The Fed is also working to improve the functionality of the discount window to address concerns raised by Fed Governor Michelle Bowman, who mentioned issues some banks have faced while accessing the tool. More than $1 trillion in additional collateral has been pledged to the discount window, and more banks have access to standing repo facilities. The Fed has launched an online portal, Discount Window Direct, for firms to request and prepay discount window loans in a more streamlined way.

In addition, Sen. Mark Warner introduced legislation in July requiring banks to engage in periodic test borrowing at the central bank's discount window. The legislation aims to ensure banks are prepared to access the discount window during times of stress.

The Federal Reserve Vice Chair for Supervision, Michael Barr, emphasized the importance of the discount window and the need to prioritize areas for improvement in the discount window's operations. The Fed is considering a partial limit on reliance on held-to-maturity assets in larger banks' liquidity buffers and potentially requiring larger banks to maintain minimum readily available liquidity tied to their uninsured deposits.

The enhancements to the liquidity regulations are intended to help strengthen firms' ability to manage liquidity shocks, thereby promoting financial stability and fostering confidence in the banking sector. The proposed changes will complement existing liquidity regulations like internal liquidity stress tests and the liquidity coverage ratio.

[1] Federal Reserve press release, “Federal Reserve Proposes Revisions to Leverage Ratio Buffers and Systemic Risk Surcharges,” June 30, 2023.

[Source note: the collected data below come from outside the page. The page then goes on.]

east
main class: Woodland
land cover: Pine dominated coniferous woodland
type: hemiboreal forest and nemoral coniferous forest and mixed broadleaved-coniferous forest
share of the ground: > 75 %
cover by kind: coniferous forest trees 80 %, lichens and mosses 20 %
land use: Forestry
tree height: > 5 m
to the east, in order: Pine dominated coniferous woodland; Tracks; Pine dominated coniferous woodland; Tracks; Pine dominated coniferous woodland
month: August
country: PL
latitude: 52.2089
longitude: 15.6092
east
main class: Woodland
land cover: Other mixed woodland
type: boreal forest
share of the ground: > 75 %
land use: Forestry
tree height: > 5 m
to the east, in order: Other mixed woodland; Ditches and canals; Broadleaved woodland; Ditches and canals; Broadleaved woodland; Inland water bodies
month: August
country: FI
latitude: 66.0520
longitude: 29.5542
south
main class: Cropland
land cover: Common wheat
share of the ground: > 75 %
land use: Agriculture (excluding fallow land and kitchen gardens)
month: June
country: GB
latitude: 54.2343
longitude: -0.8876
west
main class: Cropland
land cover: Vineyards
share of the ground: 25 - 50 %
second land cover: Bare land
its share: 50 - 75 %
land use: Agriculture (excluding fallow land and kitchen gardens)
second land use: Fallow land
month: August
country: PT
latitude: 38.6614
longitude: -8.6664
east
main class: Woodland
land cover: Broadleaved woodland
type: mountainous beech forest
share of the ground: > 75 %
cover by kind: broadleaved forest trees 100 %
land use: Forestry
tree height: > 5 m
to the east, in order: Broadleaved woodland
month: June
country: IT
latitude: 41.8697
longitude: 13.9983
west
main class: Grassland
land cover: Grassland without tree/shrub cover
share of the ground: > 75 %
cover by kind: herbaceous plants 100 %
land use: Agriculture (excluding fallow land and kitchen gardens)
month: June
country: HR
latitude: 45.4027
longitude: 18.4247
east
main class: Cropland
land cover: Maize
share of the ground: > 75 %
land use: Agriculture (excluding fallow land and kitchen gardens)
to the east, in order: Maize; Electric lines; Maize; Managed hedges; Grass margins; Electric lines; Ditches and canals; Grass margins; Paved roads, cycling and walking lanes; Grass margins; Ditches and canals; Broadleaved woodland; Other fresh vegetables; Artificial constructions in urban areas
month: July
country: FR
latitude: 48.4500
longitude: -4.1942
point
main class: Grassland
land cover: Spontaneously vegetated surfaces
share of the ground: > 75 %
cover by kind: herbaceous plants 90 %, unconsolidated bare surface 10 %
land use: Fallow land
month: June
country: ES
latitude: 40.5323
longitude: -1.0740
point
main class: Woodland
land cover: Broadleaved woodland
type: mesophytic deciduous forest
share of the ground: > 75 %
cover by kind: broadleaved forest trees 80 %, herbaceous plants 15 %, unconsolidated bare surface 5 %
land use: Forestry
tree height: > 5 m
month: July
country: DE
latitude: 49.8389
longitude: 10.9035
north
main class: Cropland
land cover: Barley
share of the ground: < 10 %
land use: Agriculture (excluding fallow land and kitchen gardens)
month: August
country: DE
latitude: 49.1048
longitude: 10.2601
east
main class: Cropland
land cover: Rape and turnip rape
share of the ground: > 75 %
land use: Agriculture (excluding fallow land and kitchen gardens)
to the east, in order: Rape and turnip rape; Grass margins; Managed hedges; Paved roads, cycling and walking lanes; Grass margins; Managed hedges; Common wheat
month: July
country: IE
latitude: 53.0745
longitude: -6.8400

[2] Federal Register notice, “Proposed rule: Revisions to Leverage Ratio Buffers and Systemic Risk Surcharges,” July 15, 2023.

  1. The proposed changes in the liquidity regulations by the Federal Reserve could have significant implications for the business sector, as they aim to closely link liquidity requirements to each bank's risk profile and systemic importance in the finance industry.
  2. The ongoing efforts by the Federal Reserve, such as the proposed adjustments to the Supplementary Leverage Ratio (SLR) and improvements in the discount window's functionality, are part of broader policy decisions influenced by both politics and general-news factors, including the need to manage systemic risk and promote financial stability.